**WORK INSTRUCTIONS:** Everything in the entries below should be restated exactly, except for the pictures.

**RECORDS SUPPLIED:**
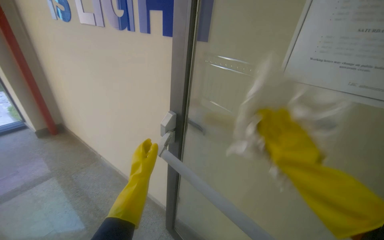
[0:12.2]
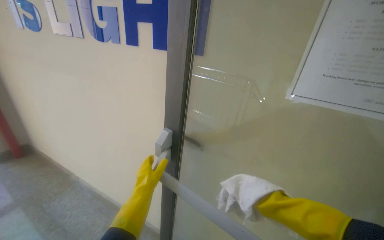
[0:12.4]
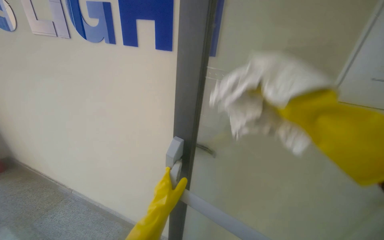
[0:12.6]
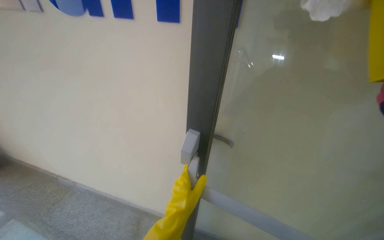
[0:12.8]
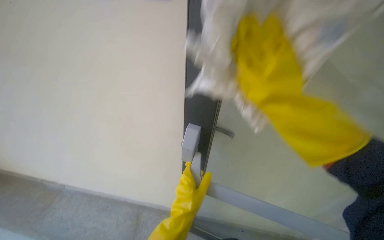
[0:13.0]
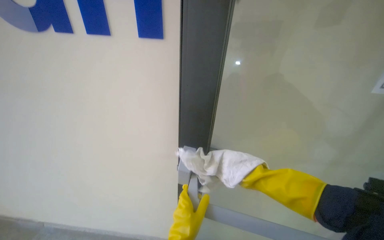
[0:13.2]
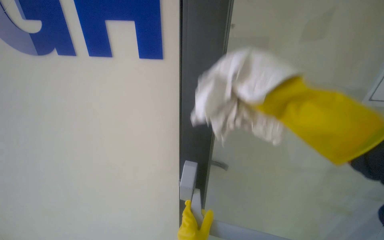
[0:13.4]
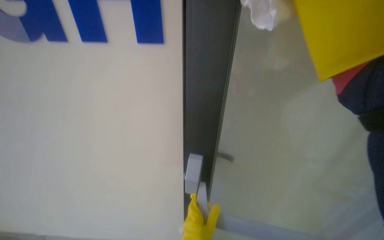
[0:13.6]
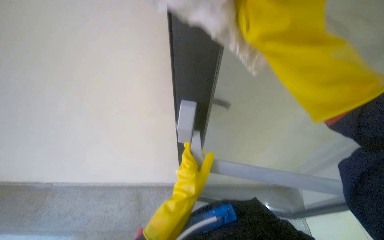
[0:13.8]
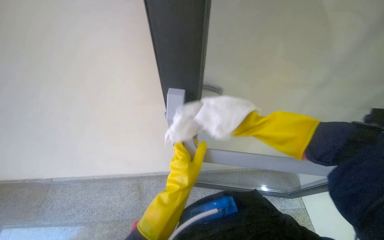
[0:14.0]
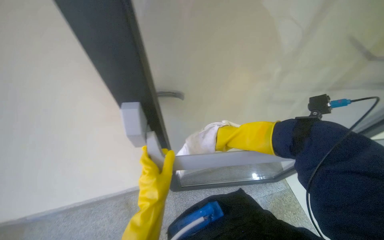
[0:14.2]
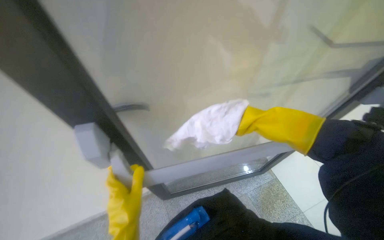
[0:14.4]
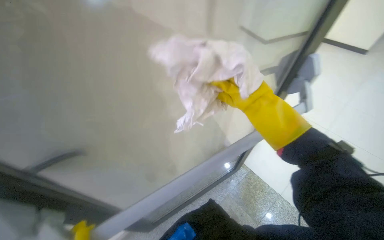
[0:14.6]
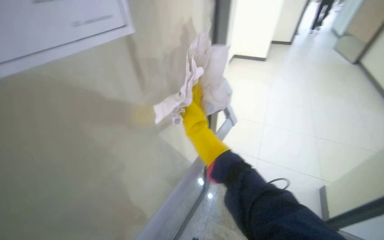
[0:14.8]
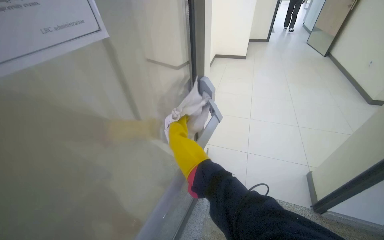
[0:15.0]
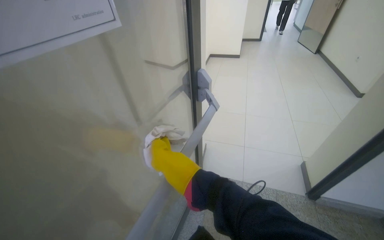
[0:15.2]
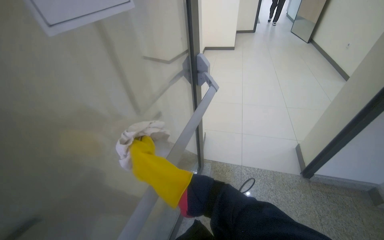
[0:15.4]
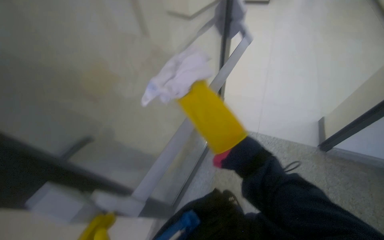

**SOLUTION TO THIS TASK:**
[0:12.2]
[0:12.4]
[0:12.6]
[0:12.8]
[0:13.0]
[0:13.2]
[0:13.4]
[0:13.6]
[0:13.8]
[0:14.0]
[0:14.2]
[0:14.4]
[0:14.6]
[0:14.8]
[0:15.0]
[0:15.2]
[0:15.4]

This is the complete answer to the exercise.